» Exercise prompt:
An exact copy of every record, with no pictures, please.

*** Opening of Exercise material ***

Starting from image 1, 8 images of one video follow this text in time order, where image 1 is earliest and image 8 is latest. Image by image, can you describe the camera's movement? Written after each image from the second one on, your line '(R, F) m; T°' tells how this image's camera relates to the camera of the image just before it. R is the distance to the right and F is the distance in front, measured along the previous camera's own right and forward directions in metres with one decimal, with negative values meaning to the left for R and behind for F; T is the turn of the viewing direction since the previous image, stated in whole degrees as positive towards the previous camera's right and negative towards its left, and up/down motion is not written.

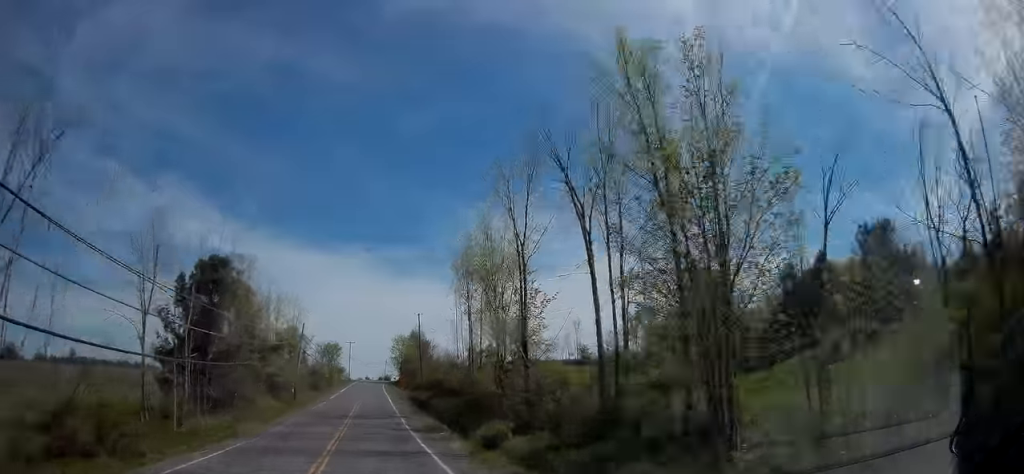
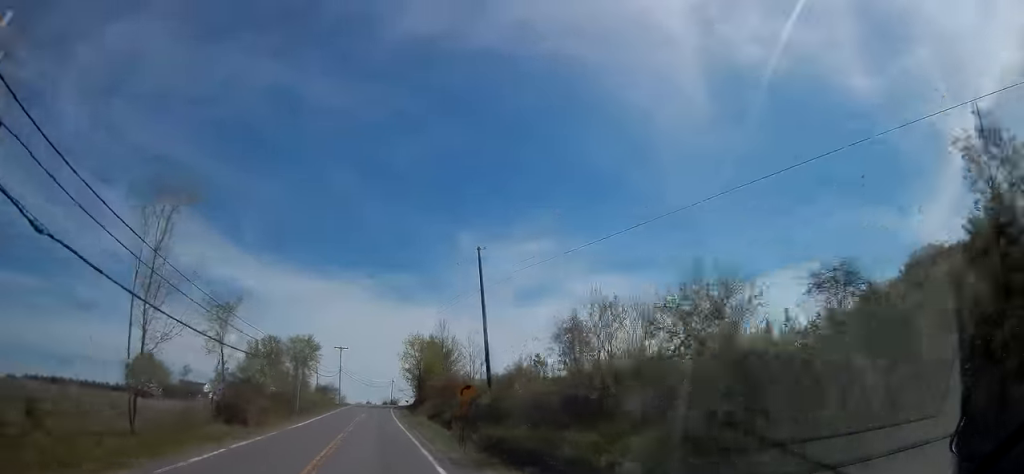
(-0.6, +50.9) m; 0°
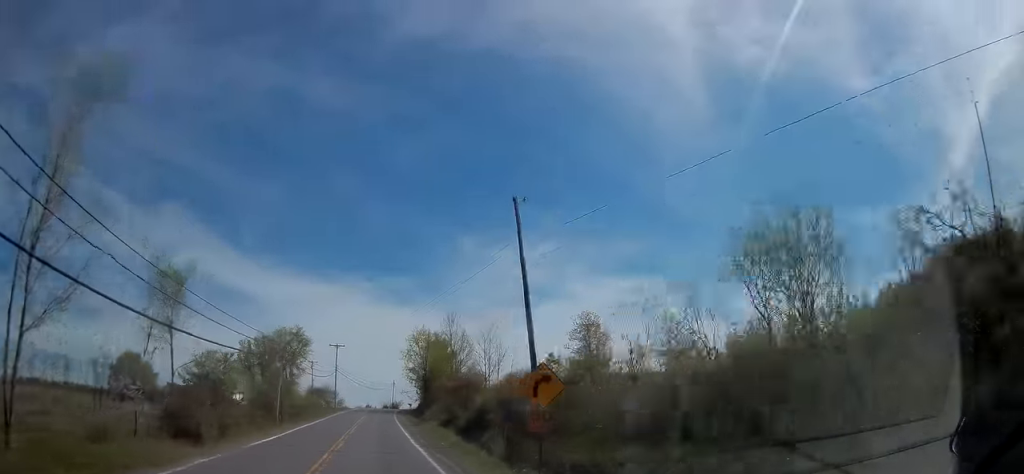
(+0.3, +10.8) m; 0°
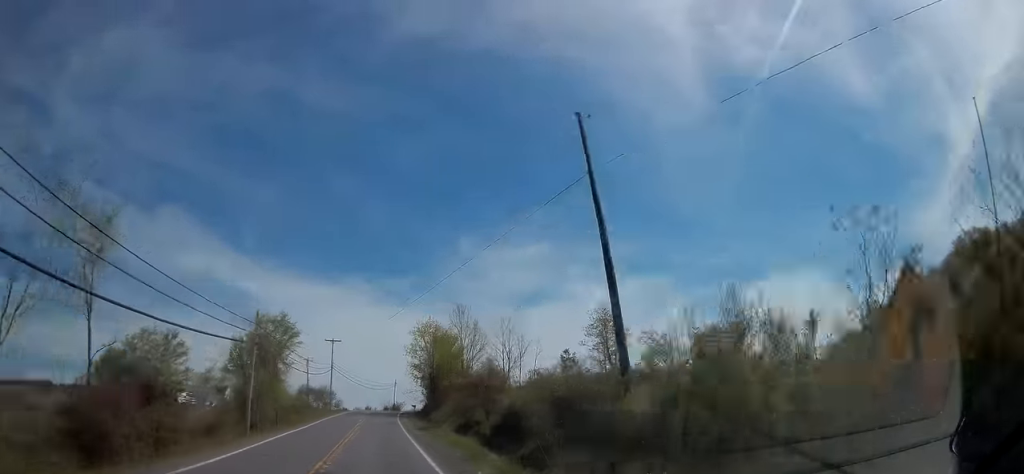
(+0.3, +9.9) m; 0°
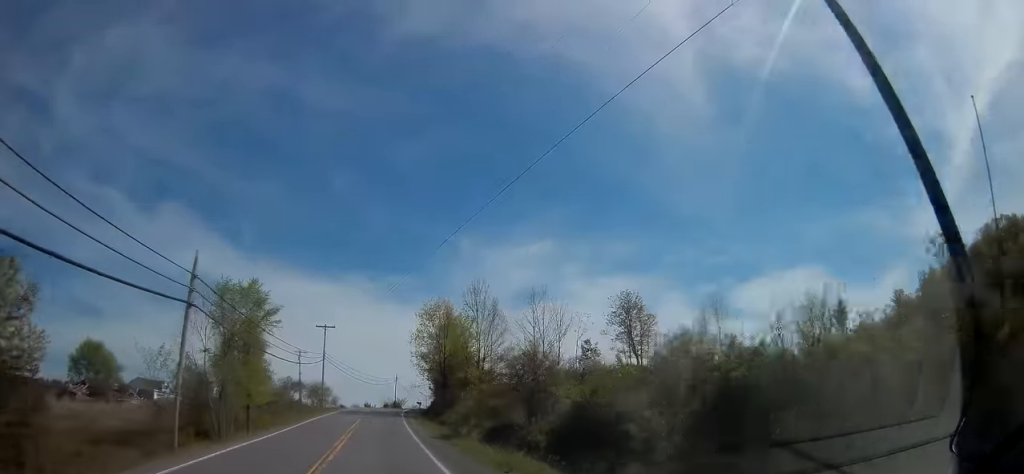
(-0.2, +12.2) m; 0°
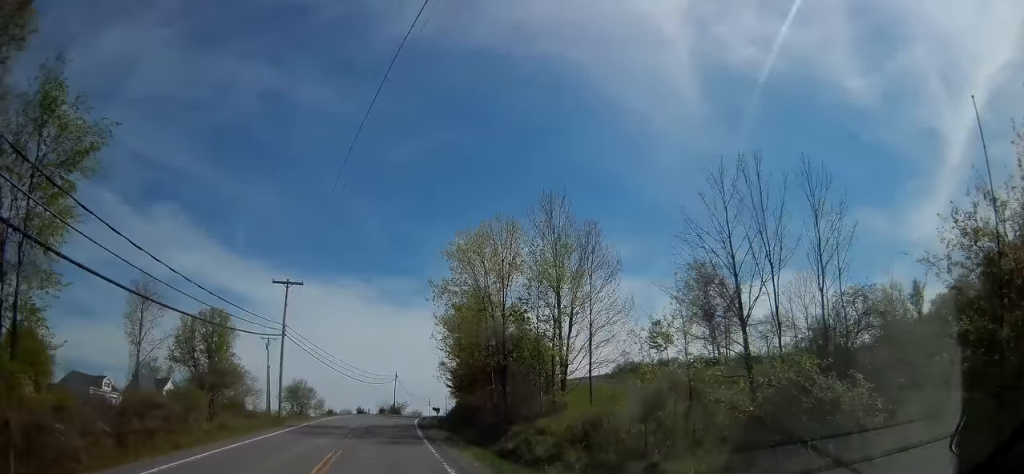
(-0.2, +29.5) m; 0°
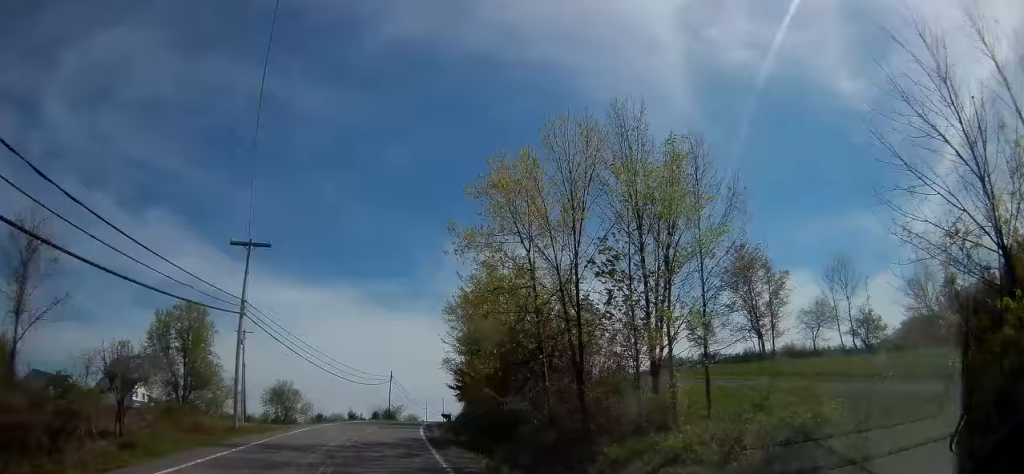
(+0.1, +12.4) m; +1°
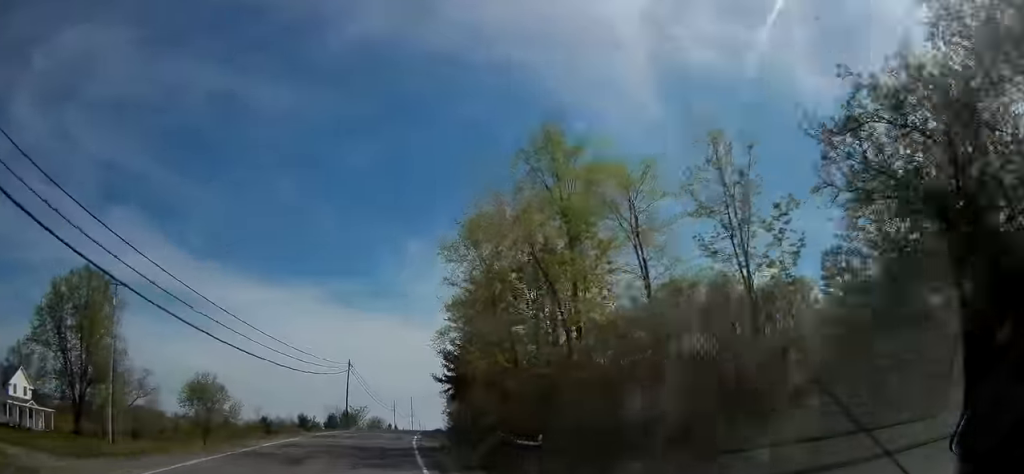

*** Close of Exercise material ***

» Solution to the problem:
Starting from image 1, 8 images of one video follow this text in time order, where image 1 is earliest and image 8 is latest. Image by image, can you describe the camera's movement? Written after each image from the second one on, your line '(R, F) m; T°' tells how this image's camera relates to the camera of the image just before it. R is the distance to the right and F is the distance in front, measured along the previous camera's own right and forward directions in metres with one decimal, with negative values meaning to the left for R and behind for F; T is the turn of the viewing direction since the previous image, stated in whole degrees as positive towards the previous camera's right and negative towards its left, and up/down motion is not written.

(-0.6, +50.9) m; 0°
(+0.3, +10.8) m; 0°
(+0.3, +9.9) m; 0°
(-0.2, +12.2) m; 0°
(-0.2, +29.5) m; 0°
(+0.1, +12.4) m; +1°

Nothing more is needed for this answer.